▶ _Requirement_: Would it be possible to reproduce every entry exactly, please?

▶ _Dataset content_:
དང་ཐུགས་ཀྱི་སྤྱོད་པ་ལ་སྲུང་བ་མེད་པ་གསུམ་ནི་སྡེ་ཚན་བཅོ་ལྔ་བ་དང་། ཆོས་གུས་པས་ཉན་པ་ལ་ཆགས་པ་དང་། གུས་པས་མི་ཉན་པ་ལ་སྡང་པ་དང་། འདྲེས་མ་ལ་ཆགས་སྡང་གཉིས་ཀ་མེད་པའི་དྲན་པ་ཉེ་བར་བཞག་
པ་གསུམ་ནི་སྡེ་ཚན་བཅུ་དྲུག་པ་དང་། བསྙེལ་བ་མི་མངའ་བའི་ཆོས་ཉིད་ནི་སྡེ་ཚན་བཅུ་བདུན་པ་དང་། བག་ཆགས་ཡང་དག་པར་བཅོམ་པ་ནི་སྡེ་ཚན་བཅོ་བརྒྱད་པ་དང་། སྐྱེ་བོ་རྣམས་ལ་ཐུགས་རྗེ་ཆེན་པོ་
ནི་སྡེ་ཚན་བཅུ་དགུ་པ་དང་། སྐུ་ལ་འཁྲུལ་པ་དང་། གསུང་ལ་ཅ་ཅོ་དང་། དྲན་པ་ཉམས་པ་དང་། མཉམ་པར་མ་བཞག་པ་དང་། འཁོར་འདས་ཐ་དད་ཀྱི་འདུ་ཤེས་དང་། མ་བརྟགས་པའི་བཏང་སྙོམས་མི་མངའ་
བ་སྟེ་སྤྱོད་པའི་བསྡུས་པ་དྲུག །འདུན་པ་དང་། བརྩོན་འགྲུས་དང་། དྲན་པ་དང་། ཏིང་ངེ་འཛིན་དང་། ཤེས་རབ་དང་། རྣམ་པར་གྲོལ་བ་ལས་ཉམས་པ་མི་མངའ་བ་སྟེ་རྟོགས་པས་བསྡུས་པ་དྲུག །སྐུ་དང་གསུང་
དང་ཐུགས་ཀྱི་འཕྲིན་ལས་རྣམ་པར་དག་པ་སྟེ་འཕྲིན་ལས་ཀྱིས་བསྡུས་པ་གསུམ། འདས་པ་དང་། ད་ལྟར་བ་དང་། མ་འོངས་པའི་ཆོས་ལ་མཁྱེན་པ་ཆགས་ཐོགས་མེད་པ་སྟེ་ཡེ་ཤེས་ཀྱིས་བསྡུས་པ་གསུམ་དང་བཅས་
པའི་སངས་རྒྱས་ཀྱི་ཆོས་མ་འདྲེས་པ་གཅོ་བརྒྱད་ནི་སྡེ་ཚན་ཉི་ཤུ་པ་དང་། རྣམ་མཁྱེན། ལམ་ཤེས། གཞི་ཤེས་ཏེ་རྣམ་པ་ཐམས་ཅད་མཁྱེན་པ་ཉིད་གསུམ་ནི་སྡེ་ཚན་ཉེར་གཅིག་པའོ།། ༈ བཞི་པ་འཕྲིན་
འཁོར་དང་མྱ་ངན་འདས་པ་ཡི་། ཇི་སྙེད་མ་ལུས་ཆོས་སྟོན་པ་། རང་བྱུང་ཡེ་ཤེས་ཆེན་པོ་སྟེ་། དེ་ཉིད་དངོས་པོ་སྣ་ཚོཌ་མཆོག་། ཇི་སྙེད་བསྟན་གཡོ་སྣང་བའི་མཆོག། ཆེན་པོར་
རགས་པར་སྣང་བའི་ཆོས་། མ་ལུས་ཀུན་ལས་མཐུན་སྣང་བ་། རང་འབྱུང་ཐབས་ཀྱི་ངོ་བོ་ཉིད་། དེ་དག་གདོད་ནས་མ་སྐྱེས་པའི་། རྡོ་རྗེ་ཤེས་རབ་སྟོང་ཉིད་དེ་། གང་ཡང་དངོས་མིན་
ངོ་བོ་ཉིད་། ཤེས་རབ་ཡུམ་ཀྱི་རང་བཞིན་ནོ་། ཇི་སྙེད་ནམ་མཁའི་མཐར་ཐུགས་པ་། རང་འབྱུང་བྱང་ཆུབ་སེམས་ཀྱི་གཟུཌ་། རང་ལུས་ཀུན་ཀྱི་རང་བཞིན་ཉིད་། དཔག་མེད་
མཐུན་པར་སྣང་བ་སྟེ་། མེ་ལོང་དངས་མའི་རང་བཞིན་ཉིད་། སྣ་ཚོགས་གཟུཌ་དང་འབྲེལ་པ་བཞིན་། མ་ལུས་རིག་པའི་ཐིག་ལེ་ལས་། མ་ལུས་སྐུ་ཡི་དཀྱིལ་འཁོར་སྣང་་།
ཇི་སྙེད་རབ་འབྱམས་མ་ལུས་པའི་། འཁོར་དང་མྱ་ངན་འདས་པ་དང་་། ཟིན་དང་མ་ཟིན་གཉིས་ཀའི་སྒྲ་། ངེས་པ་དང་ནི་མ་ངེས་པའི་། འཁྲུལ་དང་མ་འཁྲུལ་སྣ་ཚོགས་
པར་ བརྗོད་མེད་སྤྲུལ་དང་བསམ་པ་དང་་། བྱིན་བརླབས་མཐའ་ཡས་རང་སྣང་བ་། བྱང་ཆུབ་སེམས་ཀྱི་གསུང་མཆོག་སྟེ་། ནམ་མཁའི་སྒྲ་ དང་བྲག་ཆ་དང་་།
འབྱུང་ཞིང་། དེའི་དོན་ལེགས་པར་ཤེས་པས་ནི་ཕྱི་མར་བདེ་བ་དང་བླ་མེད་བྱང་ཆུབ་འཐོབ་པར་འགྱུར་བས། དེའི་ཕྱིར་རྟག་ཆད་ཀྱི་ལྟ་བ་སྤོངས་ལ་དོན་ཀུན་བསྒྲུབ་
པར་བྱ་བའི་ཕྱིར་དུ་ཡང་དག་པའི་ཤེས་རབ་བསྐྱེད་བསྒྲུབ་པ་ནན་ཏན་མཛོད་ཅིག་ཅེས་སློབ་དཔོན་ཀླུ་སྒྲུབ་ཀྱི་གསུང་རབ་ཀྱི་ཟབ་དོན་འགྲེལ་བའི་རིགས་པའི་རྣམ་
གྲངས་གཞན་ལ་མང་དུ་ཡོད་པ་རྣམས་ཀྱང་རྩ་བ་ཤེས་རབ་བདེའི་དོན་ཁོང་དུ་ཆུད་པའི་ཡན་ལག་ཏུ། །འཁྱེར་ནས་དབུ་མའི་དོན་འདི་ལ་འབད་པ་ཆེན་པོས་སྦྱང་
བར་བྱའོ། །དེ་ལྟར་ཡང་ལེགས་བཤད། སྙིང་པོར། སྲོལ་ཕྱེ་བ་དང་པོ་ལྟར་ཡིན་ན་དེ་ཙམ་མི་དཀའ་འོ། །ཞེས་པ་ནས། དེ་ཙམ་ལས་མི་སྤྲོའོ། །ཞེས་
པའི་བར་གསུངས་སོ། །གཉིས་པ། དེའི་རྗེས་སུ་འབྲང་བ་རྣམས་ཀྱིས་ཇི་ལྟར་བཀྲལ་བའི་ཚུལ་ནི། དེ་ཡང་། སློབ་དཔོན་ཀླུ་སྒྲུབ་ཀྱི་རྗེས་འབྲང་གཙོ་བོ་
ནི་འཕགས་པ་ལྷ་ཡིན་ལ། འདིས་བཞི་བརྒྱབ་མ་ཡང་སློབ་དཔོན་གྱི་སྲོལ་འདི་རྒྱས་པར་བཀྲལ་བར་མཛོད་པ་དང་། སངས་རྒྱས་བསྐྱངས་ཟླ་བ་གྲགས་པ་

▶ _Answer to the exercise_:
དང་ཐུགས་ཀྱི་སྤྱོད་པ་ལ་སྲུང་བ་མེད་པ་གསུམ་ནི་སྡེ་ཚན་བཅོ་ལྔ་བ་དང་། ཆོས་གུས་པས་ཉན་པ་ལ་ཆགས་པ་དང་། གུས་པས་མི་ཉན་པ་ལ་སྡང་པ་དང་། འདྲེས་མ་ལ་ཆགས་སྡང་གཉིས་ཀ་མེད་པའི་དྲན་པ་ཉེ་བར་བཞག་
པ་གསུམ་ནི་སྡེ་ཚན་བཅུ་དྲུག་པ་དང་། བསྙེལ་བ་མི་མངའ་བའི་ཆོས་ཉིད་ནི་སྡེ་ཚན་བཅུ་བདུན་པ་དང་། བག་ཆགས་ཡང་དག་པར་བཅོམ་པ་ནི་སྡེ་ཚན་བཅོ་བརྒྱད་པ་དང་། སྐྱེ་བོ་རྣམས་ལ་ཐུགས་རྗེ་ཆེན་པོ་
ནི་སྡེ་ཚན་བཅུ་དགུ་པ་དང་། སྐུ་ལ་འཁྲུལ་པ་དང་། གསུང་ལ་ཅ་ཅོ་དང་། དྲན་པ་ཉམས་པ་དང་། མཉམ་པར་མ་བཞག་པ་དང་། འཁོར་འདས་ཐ་དད་ཀྱི་འདུ་ཤེས་དང་། མ་བརྟགས་པའི་བཏང་སྙོམས་མི་མངའ་
བ་སྟེ་སྤྱོད་པའི་བསྡུས་པ་དྲུག །འདུན་པ་དང་། བརྩོན་འགྲུས་དང་། དྲན་པ་དང་། ཏིང་ངེ་འཛིན་དང་། ཤེས་རབ་དང་། རྣམ་པར་གྲོལ་བ་ལས་ཉམས་པ་མི་མངའ་བ་སྟེ་རྟོགས་པས་བསྡུས་པ་དྲུག །སྐུ་དང་གསུང་
དང་ཐུགས་ཀྱི་འཕྲིན་ལས་རྣམ་པར་དག་པ་སྟེ་འཕྲིན་ལས་ཀྱིས་བསྡུས་པ་གསུམ། འདས་པ་དང་། ད་ལྟར་བ་དང་། མ་འོངས་པའི་ཆོས་ལ་མཁྱེན་པ་ཆགས་ཐོགས་མེད་པ་སྟེ་ཡེ་ཤེས་ཀྱིས་བསྡུས་པ་གསུམ་དང་བཅས་
པའི་སངས་རྒྱས་ཀྱི་ཆོས་མ་འདྲེས་པ་གཅོ་བརྒྱད་ནི་སྡེ་ཚན་ཉི་ཤུ་པ་དང་། རྣམ་མཁྱེན། ལམ་ཤེས། གཞི་ཤེས་ཏེ་རྣམ་པ་ཐམས་ཅད་མཁྱེན་པ་ཉིད་གསུམ་ནི་སྡེ་ཚན་ཉེར་གཅིག་པའོ།། ༈ བཞི་པ་འཕྲིན་
འཁོར་དང་མྱ་ངན་འདས་པ་ཡི་། ཇི་སྙེད་མ་ལུས་ཆོས་སྟོན་པ་། རང་བྱུང་ཡེ་ཤེས་ཆེན་པོ་སྟེ་། དེ་ཉིད་དངོས་པོ་སྣ་ཚོཌ་མཆོག་། ཇི་སྙེད་བསྟན་གཡོ་སྣང་བའི་མཆོག། ཆེན་པོར་
རགས་པར་སྣང་བའི་ཆོས་། མ་ལུས་ཀུན་ལས་མཐུན་སྣང་བ་། རང་འབྱུང་ཐབས་ཀྱི་ངོ་བོ་ཉིད་། དེ་དག་གདོད་ནས་མ་སྐྱེས་པའི་། རྡོ་རྗེ་ཤེས་རབ་སྟོང་ཉིད་དེ་། གང་ཡང་དངོས་མིན་
ངོ་བོ་ཉིད་། ཤེས་རབ་ཡུམ་ཀྱི་རང་བཞིན་ནོ་། ཇི་སྙེད་ནམ་མཁའི་མཐར་ཐུགས་པ་། རང་འབྱུང་བྱང་ཆུབ་སེམས་ཀྱི་གཟུཌ་། རང་ལུས་ཀུན་ཀྱི་རང་བཞིན་ཉིད་། དཔག་མེད་
མཐུན་པར་སྣང་བ་སྟེ་། མེ་ལོང་དངས་མའི་རང་བཞིན་ཉིད་། སྣ་ཚོགས་གཟུཌ་དང་འབྲེལ་པ་བཞིན་། མ་ལུས་རིག་པའི་ཐིག་ལེ་ལས་། མ་ལུས་སྐུ་ཡི་དཀྱིལ་འཁོར་སྣང་་།
ཇི་སྙེད་རབ་འབྱམས་མ་ལུས་པའི་། འཁོར་དང་མྱ་ངན་འདས་པ་དང་་། ཟིན་དང་མ་ཟིན་གཉིས་ཀའི་སྒྲ་། ངེས་པ་དང་ནི་མ་ངེས་པའི་། འཁྲུལ་དང་མ་འཁྲུལ་སྣ་ཚོགས་
པར་ བརྗོད་མེད་སྤྲུལ་དང་བསམ་པ་དང་་། བྱིན་བརླབས་མཐའ་ཡས་རང་སྣང་བ་། བྱང་ཆུབ་སེམས་ཀྱི་གསུང་མཆོག་སྟེ་། ནམ་མཁའི་སྒྲ་ དང་བྲག་ཆ་དང་་།
འབྱུང་ཞིང་། དེའི་དོན་ལེགས་པར་ཤེས་པས་ནི་ཕྱི་མར་བདེ་བ་དང་བླ་མེད་བྱང་ཆུབ་འཐོབ་པར་འགྱུར་བས། དེའི་ཕྱིར་རྟག་ཆད་ཀྱི་ལྟ་བ་སྤོངས་ལ་དོན་ཀུན་བསྒྲུབ་
པར་བྱ་བའི་ཕྱིར་དུ་ཡང་དག་པའི་ཤེས་རབ་བསྐྱེད་བསྒྲུབ་པ་ནན་ཏན་མཛོད་ཅིག་ཅེས་སློབ་དཔོན་ཀླུ་སྒྲུབ་ཀྱི་གསུང་རབ་ཀྱི་ཟབ་དོན་འགྲེལ་བའི་རིགས་པའི་རྣམ་
གྲངས་གཞན་ལ་མང་དུ་ཡོད་པ་རྣམས་ཀྱང་རྩ་བ་ཤེས་རབ་བདེའི་དོན་ཁོང་དུ་ཆུད་པའི་ཡན་ལག་ཏུ། །འཁྱེར་ནས་དབུ་མའི་དོན་འདི་ལ་འབད་པ་ཆེན་པོས་སྦྱང་
བར་བྱའོ། །དེ་ལྟར་ཡང་ལེགས་བཤད། སྙིང་པོར། སྲོལ་ཕྱེ་བ་དང་པོ་ལྟར་ཡིན་ན་དེ་ཙམ་མི་དཀའ་འོ། །ཞེས་པ་ནས། དེ་ཙམ་ལས་མི་སྤྲོའོ། །ཞེས་
པའི་བར་གསུངས་སོ། །གཉིས་པ། དེའི་རྗེས་སུ་འབྲང་བ་རྣམས་ཀྱིས་ཇི་ལྟར་བཀྲལ་བའི་ཚུལ་ནི། དེ་ཡང་། སློབ་དཔོན་ཀླུ་སྒྲུབ་ཀྱི་རྗེས་འབྲང་གཙོ་བོ་
ནི་འཕགས་པ་ལྷ་ཡིན་ལ། འདིས་བཞི་བརྒྱབ་མ་ཡང་སློབ་དཔོན་གྱི་སྲོལ་འདི་རྒྱས་པར་བཀྲལ་བར་མཛོད་པ་དང་། སངས་རྒྱས་བསྐྱངས་ཟླ་བ་གྲགས་པ་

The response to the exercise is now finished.